# "time And Motion"



## Will Fly (Apr 10, 2012)

A watch tick makes a perfect, metronome-like backing for the guitar - so I thought I'd use my Illinois "Bunn Special" for just that purpose...






Actually not easy to do. Musicians always vary the tempo just a little bit - but the ticking of a watch is mercilessly regular!


----------



## mel (Dec 6, 2006)

Excellent, now what about some multi-tracking into adding a bass line :lol: and some mandolin on top with a counter melody

(Never played much along with a drum machine then? :wallbash: ) My mate Billy Stewart and me'sen used to do gigs for weddings and the likes with him on the Farfisa Electronic Chordovox (Accordion thingy) and me on Gutar/ Bass Guitar. Pin Money Happy Days, no sweat, although Amarillo and the ABBA songbook gets a bit non-challenging after a while, but does help pay the rent.


----------



## Will Fly (Apr 10, 2012)

Pay the rent? Gadzooks, sir - pay for watches, more like! :lol:


----------



## Stinch (Jul 9, 2008)

Thought I recognised the name and that sweet playing!

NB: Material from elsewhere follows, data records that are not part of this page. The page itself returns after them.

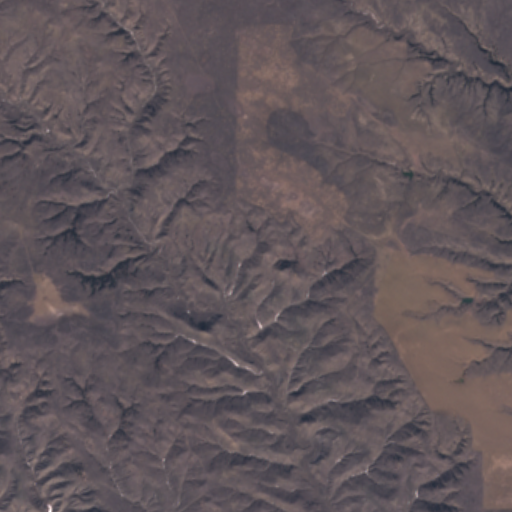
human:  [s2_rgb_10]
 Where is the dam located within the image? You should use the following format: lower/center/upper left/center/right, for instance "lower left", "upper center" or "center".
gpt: The dam is located in the center right of the image.
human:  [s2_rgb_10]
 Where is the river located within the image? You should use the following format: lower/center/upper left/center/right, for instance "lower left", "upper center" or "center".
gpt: The river is located in the lower of the image.
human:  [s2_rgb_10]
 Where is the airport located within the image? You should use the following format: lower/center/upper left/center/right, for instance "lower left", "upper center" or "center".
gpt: There is no airport in the image.
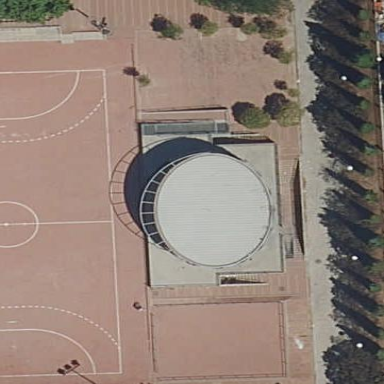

Below is another one from Will and this one might sum up the way we feel when we find that certain watch!!






Perhaps we have the RLT anthem!!??


----------



## Will Fly (Apr 10, 2012)

Damn you, Sir - thread drift! :yahoo:


----------



## Stinch (Jul 9, 2008)

Sorry!! :sadwalk:


----------



## JWL940 (Jun 11, 2010)

Will, you're famous! 300 videos on YouTube, that Sir is impressive.


----------



## Will Fly (Apr 10, 2012)

Well, as Andy Warhol famously said, everyone gets 15 minutes of fame... :tongue_ss:


----------